In: Nursing
Alicia, a 16-year-old high school student, was diagnosed with anorexia nervosa 2 years ago. Over those 2 years, she has required multiple hospital admissions for dehydration, malnutrition, and electrolyte imbalance. During these hospitalizations, it was established that Alicia has a history of self-starving and also exercising excessively to reduce her weight to less than 75% of her normal weight. According to her mother Joan, Alicia has always been “harder on herself than anyone should be.” She has always been an overachiever who is dissatisfied with anything less than perfect. Joan says that unlike her other children, Alicia is “wound very tight, almost obsessive, and has to do everything herself.”
Last week, Alicia was hospitalized again after she fainted during gym class. Since her admission, she has worked with a psychotherapist to identify some healthier coping strategies and behaviors. The therapist suggested that Alicia sign a contract, agreeing that she will follow certain agreed-upon behaviors. Now that she is about to be released from the hospital, an advanced practice nurse, Eileen, is brought in to plan her after-care. The first thing Eileen suggests is that she and Alicia create a contract.
Alicia is frustrated. “Another contract?” she says. “This is so stupid! I already did a contract in the hospital! Why should I have to start over again?”
“You’re not starting over,” Eileen says. “This is a new contract for a new phase of your ongoing wellness plan.”
“All this controlling structure,” Alicia says. “I feel like I’m being babied.” She sits back in her chair, looking miserable.
Treatment contracts serve many useful purposes for eating disorders patients, their families, and the treatment team. For example, contracts are helpful when working with patients or family members who are chaotic or who have not been able to collaborate with treatment team members. Contracts can be drawn when treatment has stalled and new therapy options need to be clearly introduced.
Treatment Contracts Includes
1. Treatment participation: A description of the current treatment plan:
2. Treatment component descriptions: As needed, individual treatment components are described in detail to clarify goals and provider/patient interactions.
3. Achieving a healthy weight: All pertinent goal weight ranges are addressed, including hospitalization, medical stability, and exercise and target weight ranges.
4. Participation of family members: The level of involvement of family members is described in detail.
5. Effective dates: The dates that the contract will begin and end are documented. This typically includes a mid-contract review of progress meeting for all those involved in treatment.

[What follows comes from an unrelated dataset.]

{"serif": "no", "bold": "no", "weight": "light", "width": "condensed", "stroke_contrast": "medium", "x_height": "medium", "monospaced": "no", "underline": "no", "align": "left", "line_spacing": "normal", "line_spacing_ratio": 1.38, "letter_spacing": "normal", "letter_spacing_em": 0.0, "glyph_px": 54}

Based on Alicia's personality eating contract may help her if it is monitored regularly and modify it if required. As mentioned, she already had signed more treatment contract earlier, the compliance to the treatment is very important. The first goal is to create an insight into her mind, with the help of cognitive-behavioral therapy, psychodynamic psychotherapy, motivational enhancement therapy, and family interventions are helpful to improve Alicia's condition
There is no specific treatment for anorexia nervosa, some modification might be needed in each stage of treatment. In Alicia's case treatment or eating contract alone may not work, because she already had a history of noncompliance to the contract. A multisectoral approach with different teams and regular follow up needed for her condition.
If the condition worsens, it may progress to fatal stages unless if failed to identify, therefore a well planned nutritional or diet needed. Nutritional guidance focuses on healthy food intake and regaining the energy needed to resume activities. Although calorie counting is important, it generally should not be discussed with the patient. Daily menus should include three full meals and a structured snack schedule that is monitored by parents or the school nurse. A multivitamin plus vitamin D and calcium supplements are recommended.